When we discuss the fourth paradigm, we talk a lot about the challenges of data size. Big data size: deluge, flood, tsunami, and landslide. However, as my colleague Catharine van Ingen recently reminded me, there is something else going on. Something that is more
subtle, or at least more hidden—treated, sometimes, almost as dirty laundry. What follows is a recap of our discussion.

So, what is this seldom-discussed issue? It’s this: in many fields of research, the distance between the scientist doing the analysis and the actual data acquisition and observation is growing. That distance accumulates because of instrumentation, computation, and—perhaps most intriguing—data reuse. The first two factors are relatively straightforward and not uncommon in the experience of many scientists. The third factor has become
more prevalent with the growth of digital data and large-scale and/or cross-discipline science.

Instrumentation adds distance because instruments don’t always measure the science variable of interest. A simple example is when the investigator must convert, say, a voltage reading to a temperature measurement. Instruments also aggregate data, if only because of the response time of the instrument. A detailed understanding of the instrument is also often necessary to make the conversion, due to calibration, drift, and spikes.

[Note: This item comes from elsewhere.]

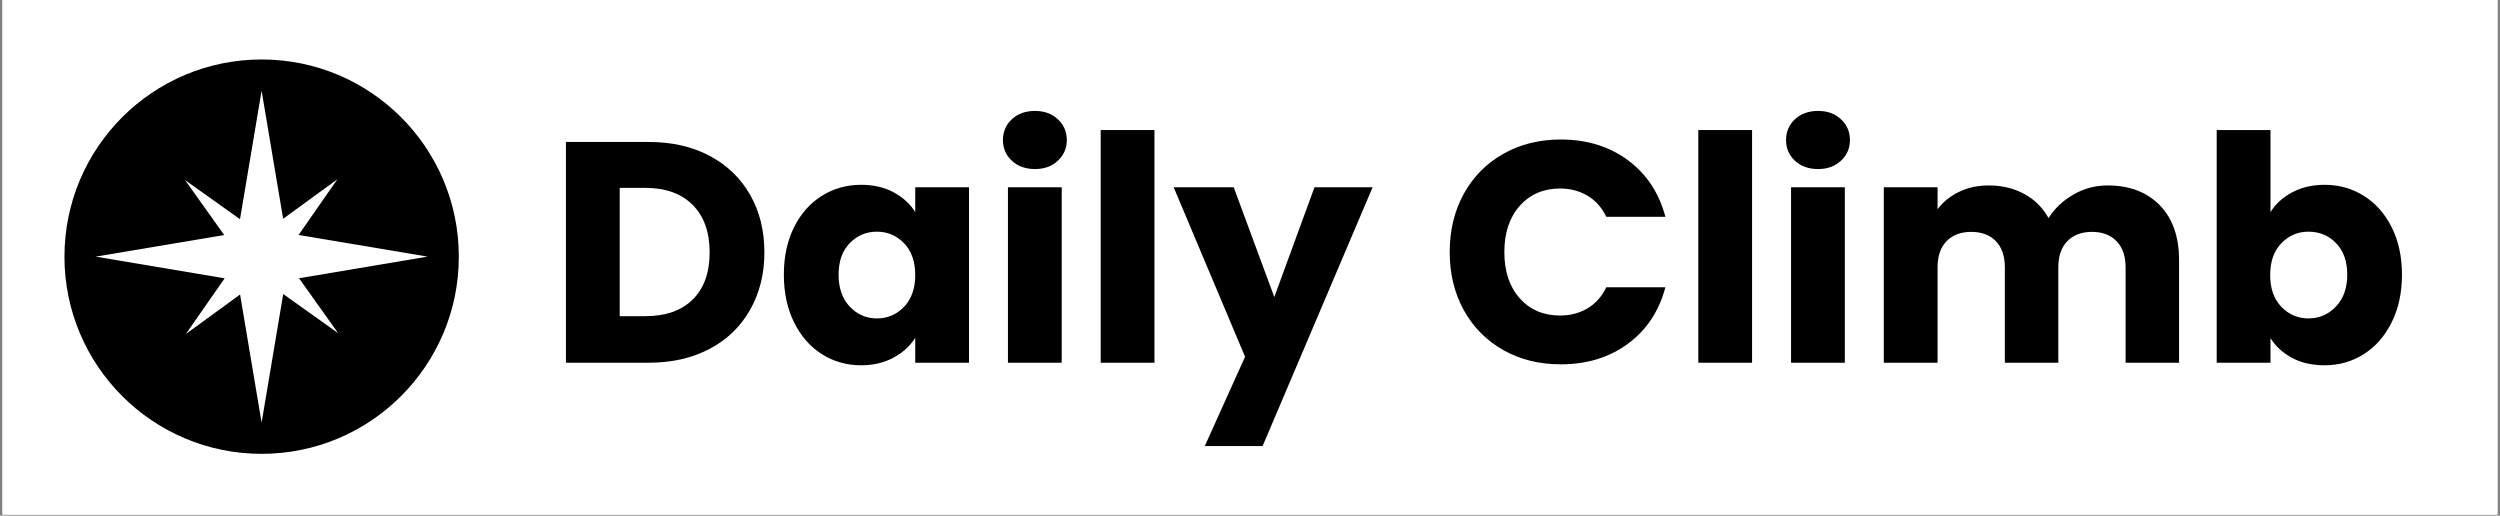 <svg xmlns="http://www.w3.org/2000/svg" xmlns:xlink="http://www.w3.org/1999/xlink" width="800" zoomAndPan="magnify" viewBox="0 0 600 123.75" height="165" preserveAspectRatio="xMidYMid meet" version="1.0"><rect x="0" y="0" width="600" height="123.75" fill="#808080" stroke="none"/><defs><clipPath id="7f110db3fc"><path d="M 0.605 0 L 599.395 0 L 599.395 123.5 L 0.605 123.5 Z M 0.605 0 " clip-rule="nonzero"/></clipPath><clipPath id="82937cb98b"><path d="M 15.469 14.273 L 110.117 14.273 L 110.117 108.922 L 15.469 108.922 Z M 15.469 14.273 " clip-rule="nonzero"/></clipPath><clipPath id="a11318b7ae"><path d="M 62.793 14.273 C 36.656 14.273 15.469 35.461 15.469 61.598 C 15.469 87.734 36.656 108.922 62.793 108.922 C 88.93 108.922 110.117 87.734 110.117 61.598 C 110.117 35.461 88.93 14.273 62.793 14.273 Z M 62.793 14.273 " clip-rule="nonzero"/></clipPath><clipPath id="45d5f85540"><path d="M 22.965 21.77 L 102.559 21.77 L 102.559 101.363 L 22.965 101.363 Z M 22.965 21.77 " clip-rule="nonzero"/></clipPath></defs><g clip-path="url(#7f110db3fc)"><rect x="-60" width="720" fill="#ffffff" y="-12.375" height="148.5" fill-opacity="1"/><rect x="-60" width="720" fill="#ffffff" y="-12.375" height="148.5" fill-opacity="1"/></g><g clip-path="url(#82937cb98b)"><g clip-path="url(#a11318b7ae)"><path fill="#000000" d="M 15.469 14.273 L 110.117 14.273 L 110.117 108.922 L 15.469 108.922 Z M 15.469 14.273 " fill-opacity="1" fill-rule="nonzero"/></g></g><g clip-path="url(#45d5f85540)"><path fill="#ffffff" d="M 71.766 66.777 L 102.617 61.59 L 71.66 56.395 L 80.969 43.027 L 67.953 52.504 L 62.785 21.77 L 57.602 52.613 L 44.414 43.219 L 53.809 56.406 L 22.965 61.59 L 53.914 66.797 L 44.609 80.156 L 57.621 70.68 L 62.785 101.422 L 67.973 70.57 L 81.16 79.965 Z M 71.766 66.777 " fill-opacity="1" fill-rule="nonzero"/></g><path fill="#000000" d="M 155.672 34.07 C 161.266 34.07 166.145 35.184 170.316 37.41 C 174.5 39.625 177.727 42.73 180.008 46.723 C 182.305 50.723 183.453 55.34 183.453 60.574 C 183.453 65.746 182.305 70.344 180.008 74.375 C 177.727 78.406 174.484 81.531 170.289 83.738 C 166.086 85.953 161.215 87.055 155.672 87.055 L 135.824 87.055 L 135.824 34.07 Z M 154.855 75.883 C 159.734 75.883 163.527 74.555 166.234 71.902 C 168.949 69.234 170.316 65.461 170.316 60.574 C 170.316 55.695 168.949 51.895 166.234 49.172 C 163.527 46.453 159.734 45.09 154.855 45.09 L 148.73 45.09 L 148.73 75.883 Z M 154.855 75.883 " fill-opacity="1" fill-rule="nonzero"/><path fill="#000000" d="M 188.125 65.934 C 188.125 61.594 188.941 57.793 190.574 54.527 C 192.203 51.262 194.426 48.758 197.23 47.004 C 200.051 45.238 203.199 44.352 206.668 44.352 C 209.641 44.352 212.242 44.957 214.477 46.16 C 216.723 47.371 218.441 48.953 219.656 50.906 L 219.656 44.938 L 232.562 44.938 L 232.562 87.055 L 219.656 87.055 L 219.656 81.086 C 218.391 83.062 216.645 84.652 214.398 85.855 C 212.168 87.062 209.578 87.668 206.617 87.668 C 203.18 87.668 200.051 86.773 197.23 84.988 C 194.426 83.203 192.203 80.664 190.574 77.359 C 188.941 74.062 188.125 70.258 188.125 65.934 Z M 219.656 66.008 C 219.656 62.781 218.762 60.238 216.977 58.383 C 215.191 56.531 213.008 55.602 210.445 55.602 C 207.895 55.602 205.727 56.52 203.941 58.355 C 202.156 60.18 201.262 62.703 201.262 65.934 C 201.262 69.148 202.156 71.699 203.941 73.586 C 205.727 75.473 207.895 76.418 210.445 76.418 C 213.008 76.418 215.191 75.492 216.977 73.637 C 218.762 71.77 219.656 69.223 219.656 66.008 Z M 219.656 66.008 " fill-opacity="1" fill-rule="nonzero"/><path fill="#000000" d="M 248.41 40.574 C 246.148 40.574 244.289 39.91 242.848 38.586 C 241.422 37.246 240.707 35.594 240.707 33.637 C 240.707 31.613 241.422 29.938 242.848 28.609 C 244.289 27.281 246.148 26.621 248.41 26.621 C 250.617 26.621 252.441 27.281 253.871 28.609 C 255.312 29.938 256.039 31.613 256.039 33.637 C 256.039 35.594 255.312 37.246 253.871 38.586 C 252.441 39.91 250.617 40.574 248.41 40.574 Z M 254.812 44.938 L 254.812 87.055 L 241.906 87.055 L 241.906 44.938 Z M 254.812 44.938 " fill-opacity="1" fill-rule="nonzero"/><path fill="#000000" d="M 264.164 31.211 L 277.07 31.211 L 277.07 87.055 L 264.164 87.055 Z M 264.164 31.211 " fill-opacity="1" fill-rule="nonzero"/><path fill="#000000" d="M 329.43 44.938 L 303.027 107.055 L 289.148 107.055 L 298.816 85.625 L 281.676 44.938 L 296.09 44.938 L 305.832 71.289 L 315.477 44.938 Z M 329.43 44.938 " fill-opacity="1" fill-rule="nonzero"/><path fill="#000000" d="M 347.93 60.5 C 347.93 55.262 349.059 50.594 351.324 46.492 C 353.582 42.398 356.738 39.211 360.789 36.926 C 364.832 34.629 369.426 33.48 374.566 33.48 C 380.852 33.48 386.234 35.141 390.715 38.457 C 395.184 41.773 398.176 46.301 399.691 52.027 L 385.508 52.027 C 384.449 49.82 382.957 48.137 381.02 46.977 C 379.078 45.824 376.875 45.242 374.41 45.242 C 370.434 45.242 367.203 46.633 364.742 49.402 C 362.273 52.176 361.043 55.875 361.043 60.5 C 361.043 65.129 362.273 68.828 364.742 71.594 C 367.203 74.352 370.434 75.727 374.41 75.727 C 376.875 75.727 379.078 75.156 381.02 73.992 C 382.957 72.84 384.449 71.156 385.508 68.941 L 399.691 68.941 C 398.176 74.676 395.184 79.191 390.715 82.488 C 386.234 85.793 380.852 87.438 374.566 87.438 C 369.426 87.438 364.832 86.301 360.789 84.02 C 356.738 81.723 353.582 78.535 351.324 74.453 C 349.059 70.371 347.93 65.723 347.93 60.5 Z M 347.93 60.5 " fill-opacity="1" fill-rule="nonzero"/><path fill="#000000" d="M 407.594 31.211 L 420.5 31.211 L 420.5 87.055 L 407.594 87.055 Z M 407.594 31.211 " fill-opacity="1" fill-rule="nonzero"/><path fill="#000000" d="M 436.355 40.574 C 434.09 40.574 432.234 39.91 430.793 38.586 C 429.367 37.246 428.652 35.594 428.652 33.637 C 428.652 31.613 429.367 29.938 430.793 28.609 C 432.234 27.281 434.09 26.621 436.355 26.621 C 438.562 26.621 440.387 27.281 441.816 28.609 C 443.258 29.938 443.984 31.613 443.984 33.637 C 443.984 35.594 443.258 37.246 441.816 38.586 C 440.387 39.91 438.562 40.574 436.355 40.574 Z M 442.758 44.938 L 442.758 87.055 L 429.852 87.055 L 429.852 44.938 Z M 442.758 44.938 " fill-opacity="1" fill-rule="nonzero"/><path fill="#000000" d="M 505.832 44.504 C 511.07 44.504 515.234 46.086 518.332 49.246 C 521.426 52.41 522.977 56.82 522.977 62.461 L 522.977 87.055 L 510.145 87.055 L 510.145 64.199 C 510.145 61.48 509.418 59.375 507.977 57.895 C 506.547 56.402 504.582 55.652 502.082 55.652 C 499.562 55.652 497.582 56.402 496.141 57.895 C 494.711 59.375 493.996 61.48 493.996 64.199 L 493.996 87.055 L 481.164 87.055 L 481.164 64.199 C 481.164 61.48 480.449 59.375 479.023 57.895 C 477.594 56.402 475.617 55.652 473.102 55.652 C 470.582 55.652 468.602 56.402 467.16 57.895 C 465.73 59.375 465.016 61.48 465.016 64.199 L 465.016 87.055 L 452.109 87.055 L 452.109 44.938 L 465.016 44.938 L 465.016 50.219 C 466.324 48.469 468.031 47.078 470.145 46.059 C 472.266 45.027 474.66 44.504 477.312 44.504 C 480.488 44.504 483.32 45.184 485.809 46.543 C 488.309 47.891 490.254 49.82 491.648 52.336 C 493.109 50.027 495.102 48.145 497.617 46.695 C 500.133 45.238 502.875 44.504 505.832 44.504 Z M 505.832 44.504 " fill-opacity="1" fill-rule="nonzero"/><path fill="#000000" d="M 544.918 50.906 C 546.121 48.953 547.855 47.371 550.121 46.16 C 552.379 44.957 554.977 44.352 557.902 44.352 C 561.371 44.352 564.508 45.238 567.316 47.004 C 570.133 48.758 572.367 51.262 574 54.527 C 575.645 57.793 576.473 61.594 576.473 65.934 C 576.473 70.258 575.645 74.062 574 77.359 C 572.367 80.664 570.133 83.203 567.316 84.988 C 564.508 86.773 561.371 87.668 557.902 87.668 C 554.922 87.668 552.328 87.082 550.121 85.906 C 547.91 84.723 546.172 83.141 544.918 81.164 L 544.918 87.055 L 532.008 87.055 L 532.008 31.211 L 544.918 31.211 Z M 563.336 65.934 C 563.336 62.703 562.441 60.18 560.656 58.355 C 558.871 56.52 556.664 55.602 554.051 55.602 C 551.48 55.602 549.305 56.531 547.52 58.383 C 545.734 60.238 544.84 62.781 544.84 66.008 C 544.84 69.223 545.734 71.77 547.52 73.637 C 549.305 75.492 551.48 76.418 554.051 76.418 C 556.613 76.418 558.801 75.473 560.605 73.586 C 562.426 71.699 563.336 69.148 563.336 65.934 Z M 563.336 65.934 " fill-opacity="1" fill-rule="nonzero"/></svg>

Computation adds distance when it involves specialized algorithms for deriving scientific variables from the raw data. An example is the stellar object cross match in astronomy. That’s the classification algorithm that matches an extracted star candidate with observed location and properties, such as magnitude and color, to a known star, known galaxy, or to
the unknown. The extraction algorithm is tightly tied to the telescope; the classification algorithm is relatively loosely coupled. The classification algorithm also requires specialized knowledge that is not necessary for many of the subsequent analyses on the cross-matched data.

Computation also adds distance when the science variables of interest arise from a high-level statistical analysis, as is the case for DSTs (data summary tapes) in particle physics. This statistical analysis operates not at the level of an individual event or observation, but rather applies to specific filtered groups of events. (Note that the events here are, in turn,
created by reconstruction algorithms, subjecting them to the first computational factor described above.)

The data reuse factor is harder to capture. Essentially, distance due to reuse can come into play when datasets are assembled, such as the example of the Fluxnet dataset. Reuse also enters the picture when the data being analyzed were originally compiled for a different scientific purpose, as when carbon sequestration analysis uses soil measurements that were gathered for agricultural crop management.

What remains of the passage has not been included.